I've generally understood that most CRLs are small, but some are very large, so I expected some kind of bi-modal distribution. It's really not, though the retrieved CRLs do have a wild size distribution:
In table form :
|Size Buckets||# of CRLs|
|0.5 KB to 0.625 KB||264|
|0.625 KB to 0.75 KB||246|
|0.75 KB to 1 KB||310|
|1 KB to 2 KB||366|
|2 KB to 4 KB||237|
|4 KB to 8 KB||232|
|8 KB to 32 KB||500|
|32 KB to 64 KB||297|
|64 KB to 128 KB||218|
|128 KB to 1 MB||106|
|1 MB to 8 MB||33|
|8 MB to 128 MB||9|
I figured that most CRLs would be tiny, and we'd have a handful of outliers. Indeed, 50% of the CRLs are less than 4 Kbytes, and 75% are less than 32 Kbytes:
On the top end, however, are 9 CRLs larger than 8 MB:
Remember, these are part of the WebPKI, not some private hierarchy. For a convenient example of why browsers don't download CRLs when connecting somewhere, just point to these.
Latency matters. I'm on a pretty fast Internet connection, but even so, some of the CRLs that were even reasonable sizes took a while to download. I won't harp on this, but just a quick histogram:
CRLs that took longer than 1 second to download on a really fast Internet connection -- 142 of them, or 4.7% -- are clear reasons for users' software to not check them for live revocation status.

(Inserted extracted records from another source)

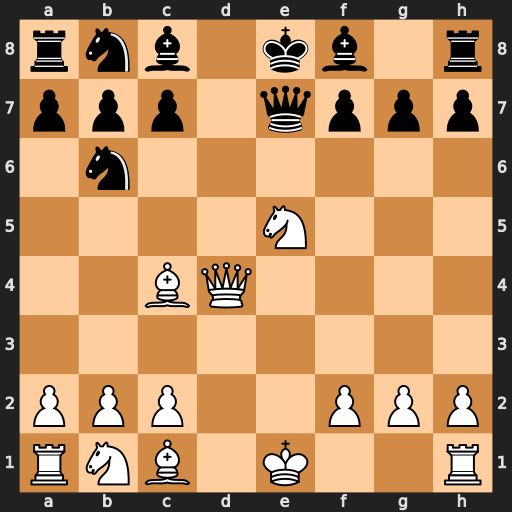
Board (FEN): rnb1kb1r/ppp1qppp/1n6/4N3/2BQ4/8/PPP2PPP/RNB1K2R
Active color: w
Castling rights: KQkq
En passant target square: -
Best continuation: Bxf7+ Qxf7 Nxf7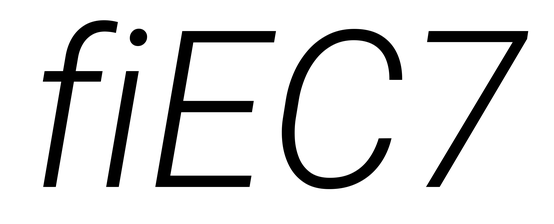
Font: Roboto-Italic_Light_Italic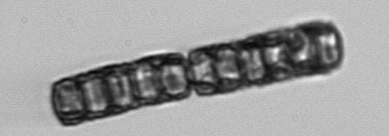
Label: Paralia_sulcata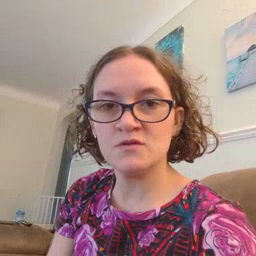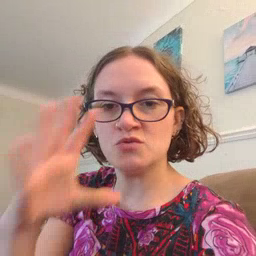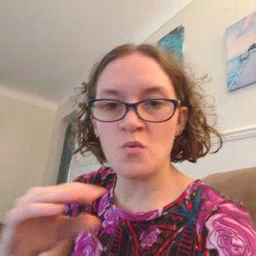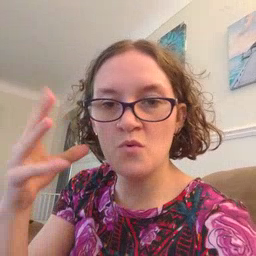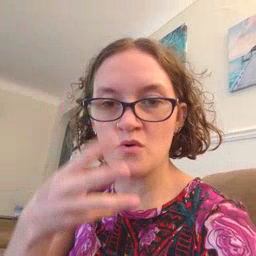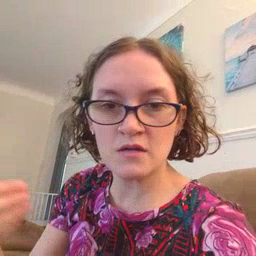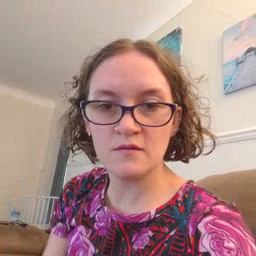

Conclusions (such as there are any)
CRLs are not an exciting technology, but they're still used by the Web PKI. Since they're not exciting, it appears that some CAs believe they don't even need to keep their CRLs online; I mean, who checks these things, anyway?
Oh, yeah, me...
Still, with technologies such as CRLSets depending on CRLs as a means for revocation data, they clearly still have a purpose. It's not particularly convenient to make a habit of crawling OCSP responders to figure out the state of revocations on the Web.
 Note, that's not found by the Python script ; you'll need to
grep the log for
"URL transformed to HTTPS due to an HSTS policy"
 I admit that the buckets are a bit arbitrary, but here's what it looks like without some manual massaging:
 Most of these are not realistically going to be reached by browsers, however. The largest contains revocations that appear to belong to a government's national ID card list. GoDaddy's is a master list, but is only referred to by a revoked cert [crt.sh link].